IntelLabs / coach

Reinforcement Learning Coach by Intel AI Lab enables easy experimentation with state of the art Reinforcement Learning algorithms
https://intellabs.github.io/coach/
Apache License 2.0
2.32k stars 460 forks source link

Adding Conditional RL feature #371

Open eslambakr opened 5 years ago

eslambakr commented 5 years ago

Could you guide me how to expand this awesome work to support conditional RL?

gal-leibovich commented 5 years ago

This is a bit too general, could you please provide more details?

eslambakr commented 5 years ago

@gal-leibovich Thanks for your quick response. The details as follows: 1- I have created a simple environment as seen in the figure below simple_car

2- I used your original code to train the agent to take the right turn and it succeed after 60k steps. 3- I want to expand the original code to make it supports the Conditional RL, Here you are my modification to achieve that: 3.1- I created a 3 heads instead of one in the preset file agent_params.network_wrappers['main'].heads_parameters = \ [DuelingQHeadParameters(rescale_gradient_from_head_by_factor=1 / math.sqrt(2)), DuelingQHeadParameters(rescale_gradient_from_head_by_factor=1 / math.sqrt(2)), DuelingQHeadParameters(rescale_gradient_from_head_by_factor=1 / math.sqrt(2))]

3.2- I decided to take the following approach, I will feed forward on the 3 heads but only back propagation on only the correct one by making the rest of gradients (gradients of the other two heads) Zeros so I duplicate the targets as follow in ddqn_agent.py: result = self.networks['main'].train_and_sync_networks(inputs=batch.states(network_keys), targets=[TD_targets, TD_targets, TD_targets], importance_weights=importance_weights) and choose the correct prediction from the correct head as follows in ddqn_agent.py(learn_from_batch function) selected_actions = np.argmax( self.networks['main'].online_network.predict(batch.next_states(network_keys))[Config.direction], 1) 3.3- In value_optimization_agent (get_all_q_values_for_states function) I changed this line actions_q_values = self.get_prediction(states) to be like this to choose from the 3 actions actions_q_values = self.get_prediction(states)[Config.direction]

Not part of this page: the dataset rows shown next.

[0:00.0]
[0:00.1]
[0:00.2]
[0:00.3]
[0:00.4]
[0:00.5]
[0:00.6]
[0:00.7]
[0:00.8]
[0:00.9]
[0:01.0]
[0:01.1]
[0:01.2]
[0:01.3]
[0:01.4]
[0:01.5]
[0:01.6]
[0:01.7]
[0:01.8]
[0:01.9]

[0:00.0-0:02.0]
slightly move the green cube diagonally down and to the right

3.4- Then came the most important part to make the loss of the other two heads equal zeros in general_network.py (get_model function) def get_head_1_loss(loss): return [loss[0]] def get_head_2_loss(loss): return [loss[1]] def get_head_3_loss(loss): return [loss[2]]

in general_network.py (get_model function) if self.config.activate_3_heads: direction = tf.placeholder(tf.int32, name="direction") self.name_direction = direction self.losses = tf.case({tf.equal(direction, tf.constant(0)): lambda: get_head_1_loss(self.losses), tf.equal(direction, tf.constant(1)): lambda: get_head_2_loss(self.losses), tf.equal(direction, tf.constant(2)): lambda: get_head_3_loss(self.losses)}, exclusive=False)

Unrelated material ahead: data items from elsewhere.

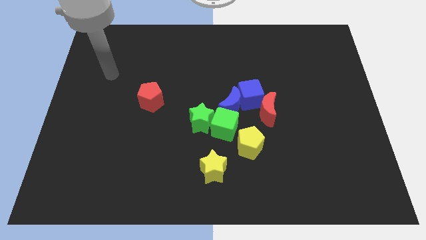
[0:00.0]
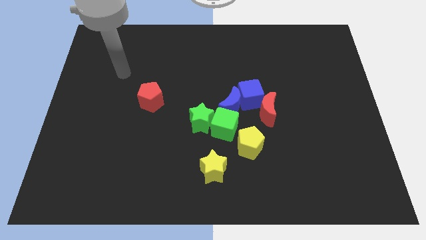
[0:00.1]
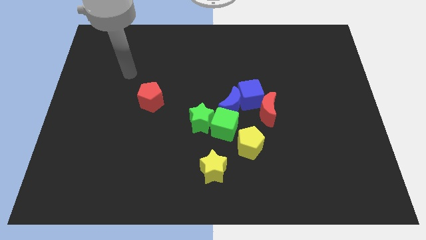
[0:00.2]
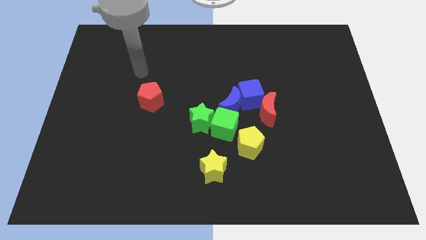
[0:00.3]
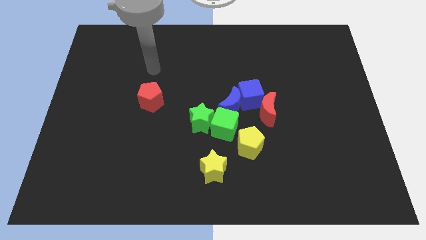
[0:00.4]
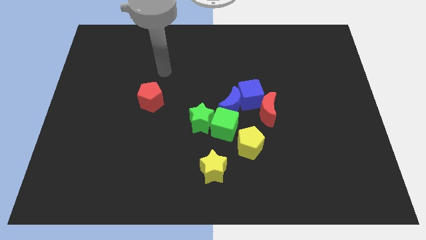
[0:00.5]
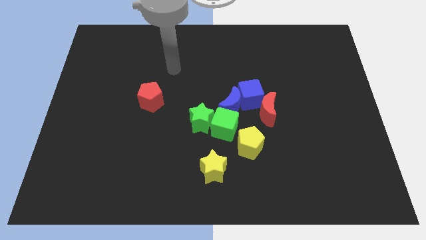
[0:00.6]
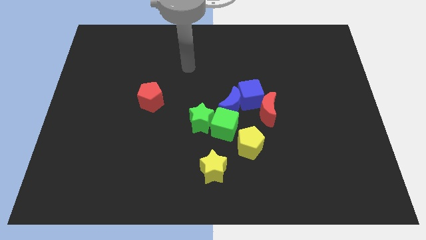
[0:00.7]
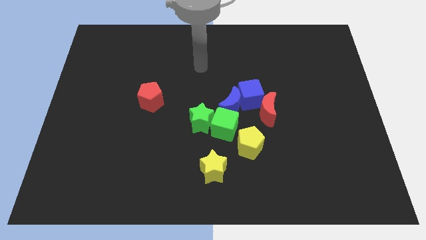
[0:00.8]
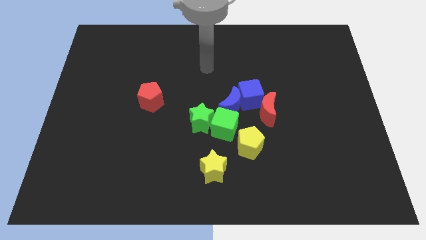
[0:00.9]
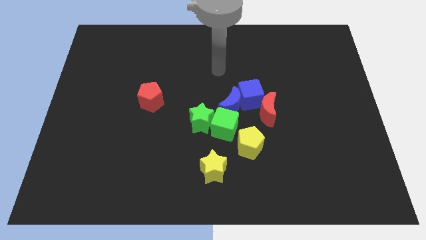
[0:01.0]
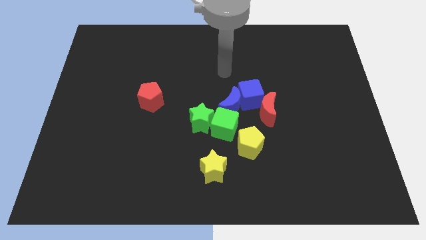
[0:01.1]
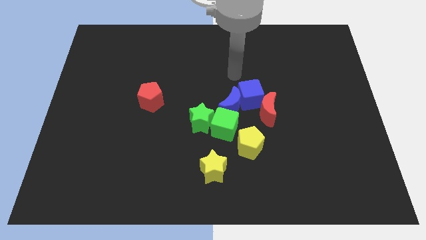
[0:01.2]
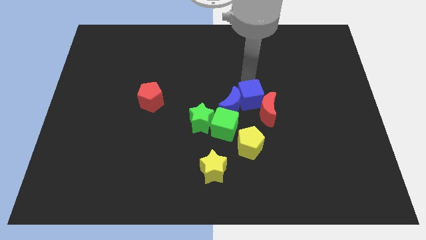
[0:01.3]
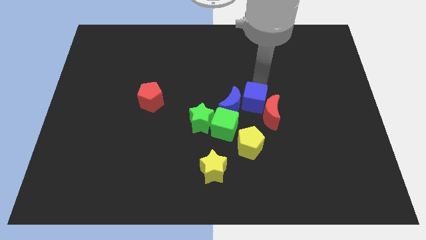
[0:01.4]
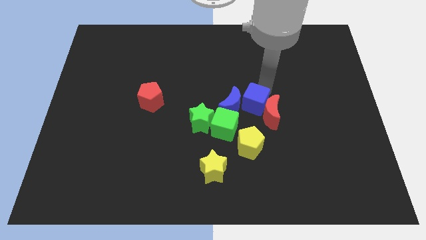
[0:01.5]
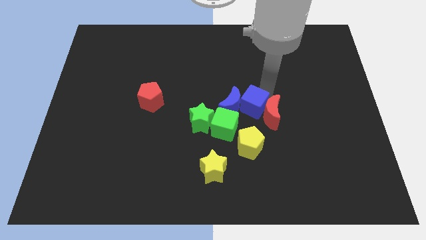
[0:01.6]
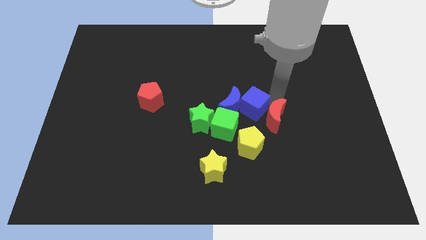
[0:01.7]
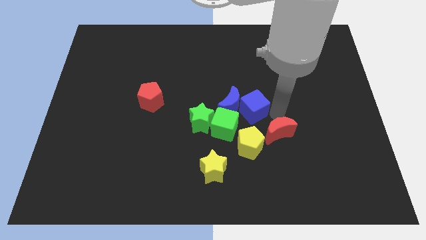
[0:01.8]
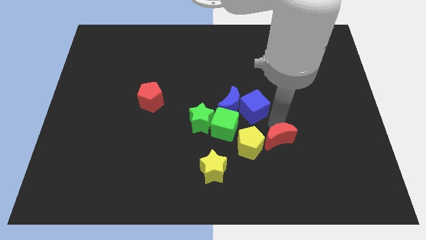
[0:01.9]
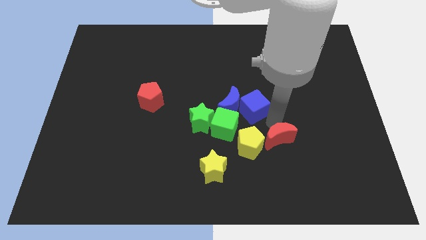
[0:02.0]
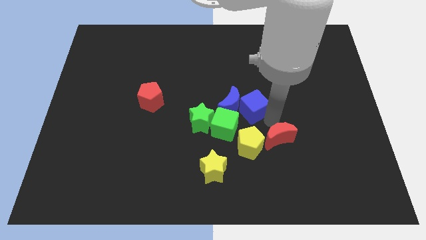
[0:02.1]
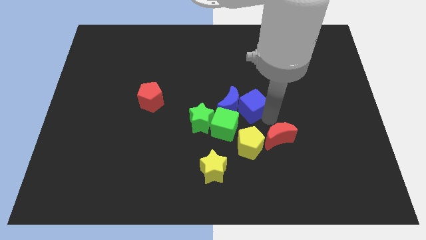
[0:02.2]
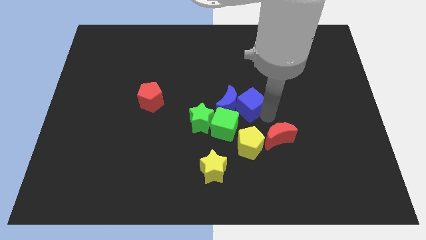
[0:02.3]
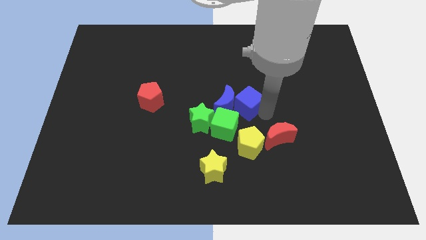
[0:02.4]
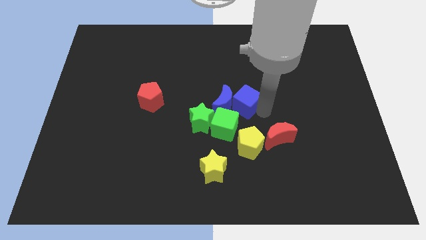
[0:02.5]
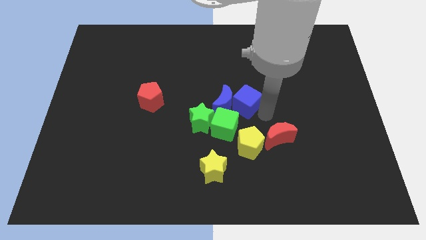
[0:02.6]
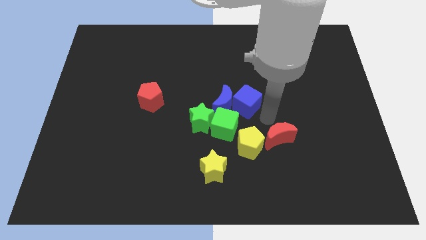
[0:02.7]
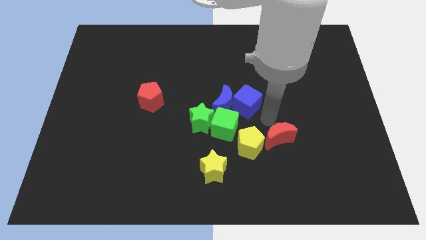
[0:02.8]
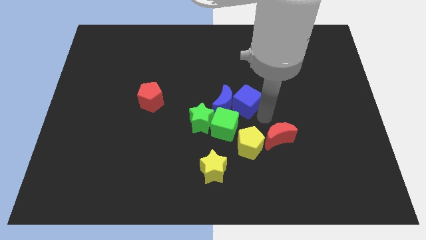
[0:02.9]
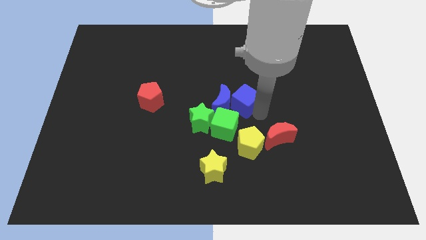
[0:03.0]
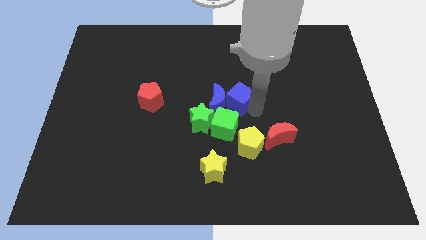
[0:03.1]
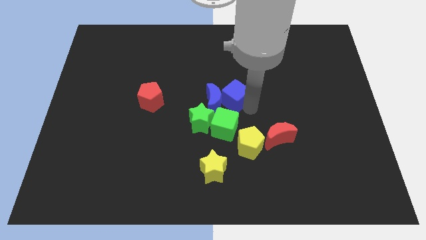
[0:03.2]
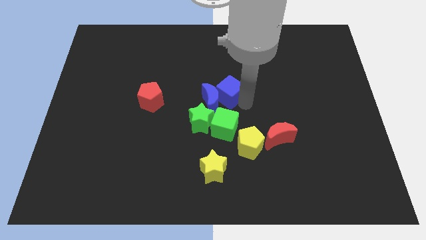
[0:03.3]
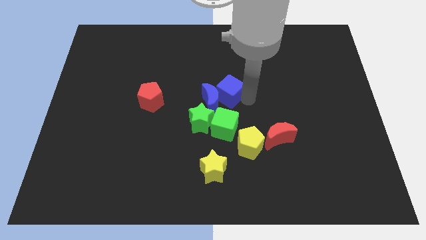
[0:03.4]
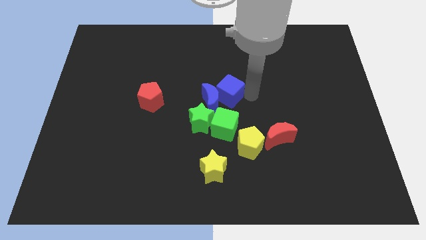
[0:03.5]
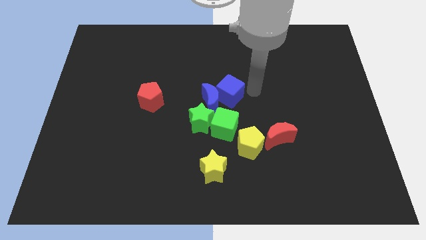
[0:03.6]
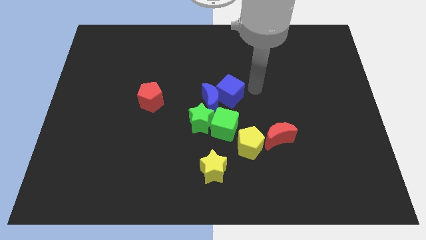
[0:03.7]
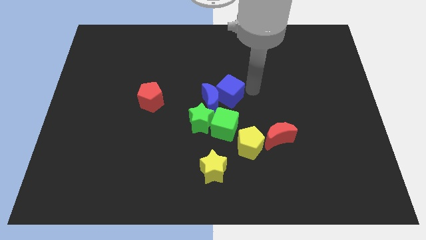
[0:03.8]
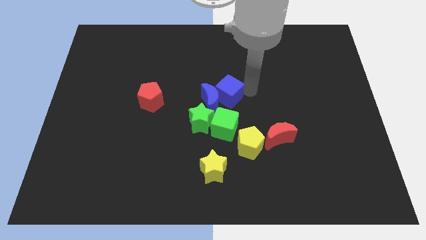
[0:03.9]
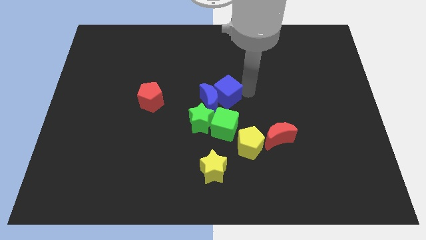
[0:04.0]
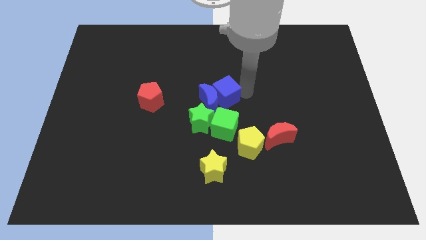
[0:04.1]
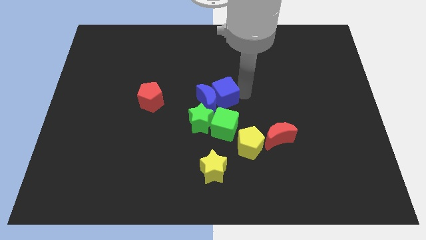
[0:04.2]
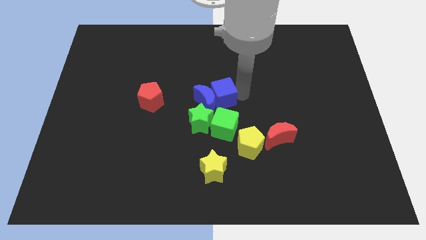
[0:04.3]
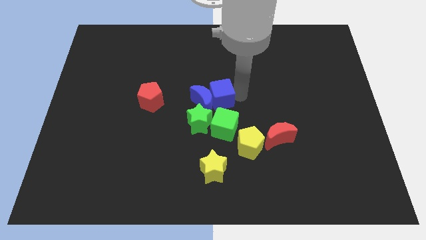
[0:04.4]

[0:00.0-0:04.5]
push the blue cube somewhat left

3.5- In architecture.py I add this line to remove the none gradients which cause because of step 3.4 if self.config.activate_3_heads: self.tensor_gradients = [x for x in self.tensor_gradients if x is not None]

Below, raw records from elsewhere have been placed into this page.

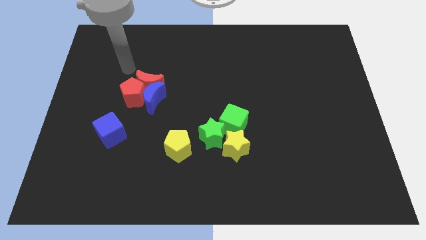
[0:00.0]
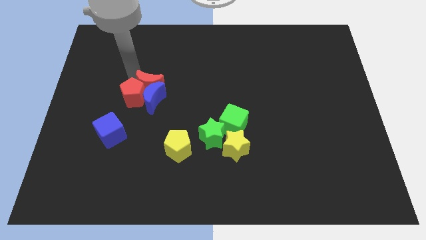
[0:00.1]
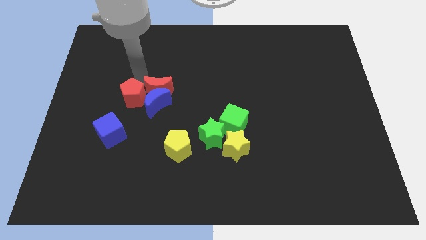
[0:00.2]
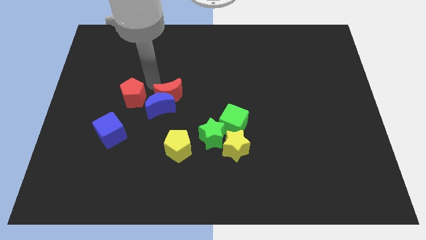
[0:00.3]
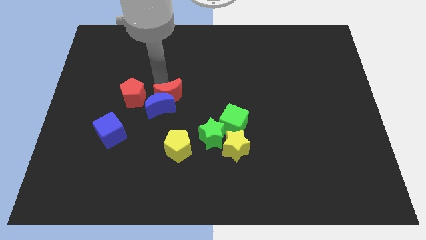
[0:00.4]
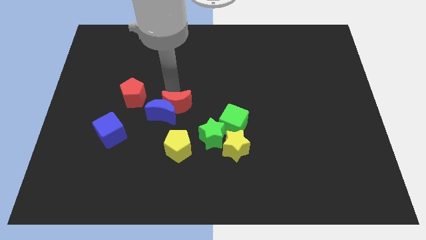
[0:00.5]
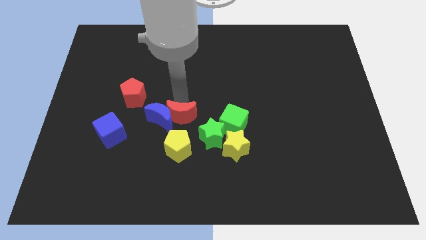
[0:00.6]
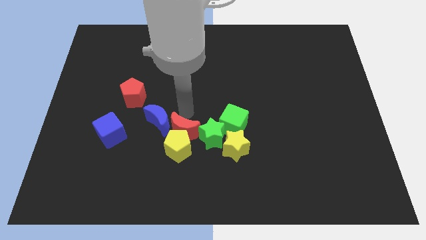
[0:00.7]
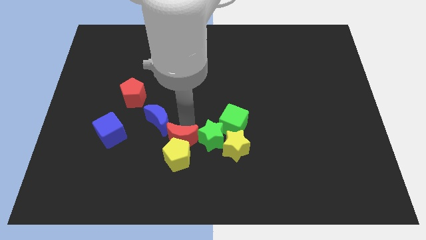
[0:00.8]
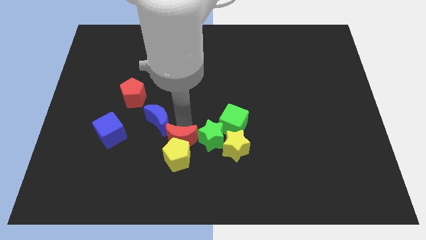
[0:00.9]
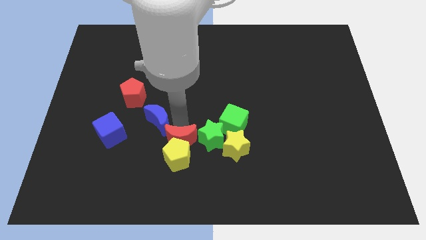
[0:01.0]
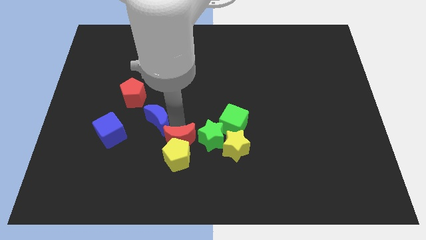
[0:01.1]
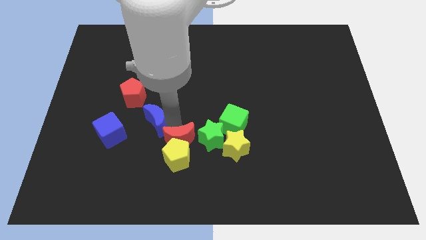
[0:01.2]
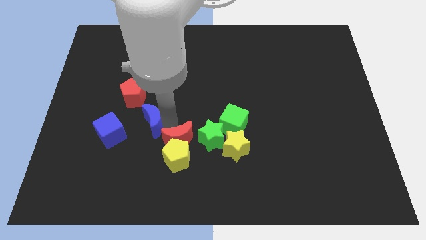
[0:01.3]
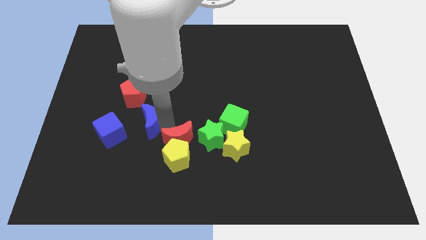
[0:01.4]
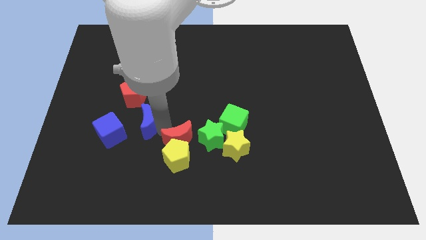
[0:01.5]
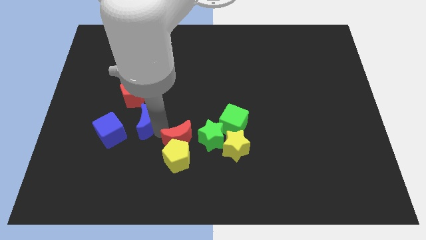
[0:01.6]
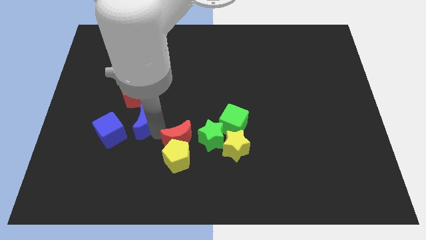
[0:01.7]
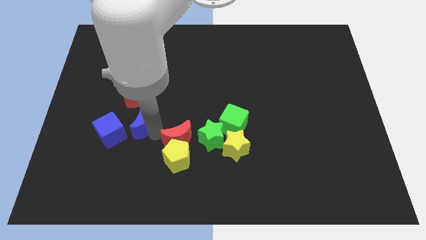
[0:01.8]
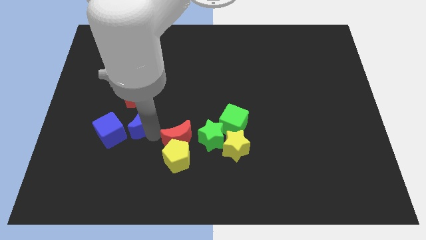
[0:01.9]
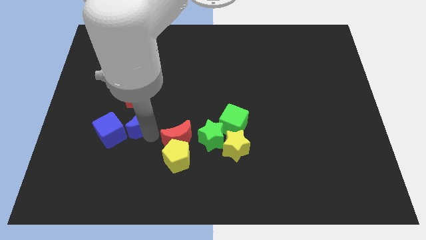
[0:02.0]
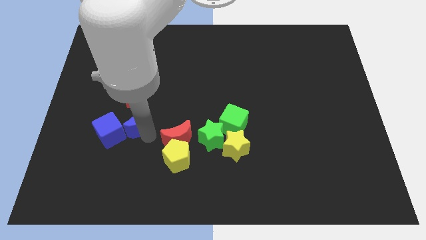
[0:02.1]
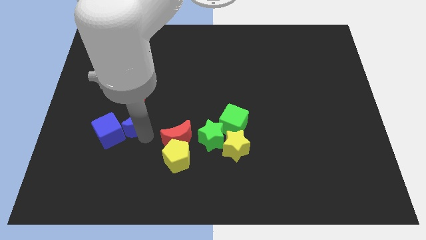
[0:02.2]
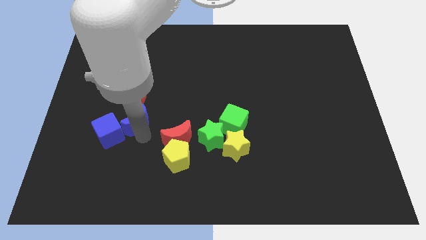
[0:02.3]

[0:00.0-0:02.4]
move the blue moon down and then to the left slightly

3.6 Finally in architecture.py (parallel_predict function) I choose the correct output according to which head is activated if config.activate_3_heads: fetches += [network.outputs[Config.direction]] else: fetches += network.outputs

But unfortunately the above modification failed. The 3 heads seem to be intersected with each others (My insights the problem is the back propagation is done on the 3 heads by mistake not only on the desired head)

Thanks

eslambakr commented 5 years ago

Dear @gal-leibovich I will be thankful if you could tell me what the wrong with my approach or guide me to a simpler approach to be able to expand the code to N (eg:3) heads each one learn a different task.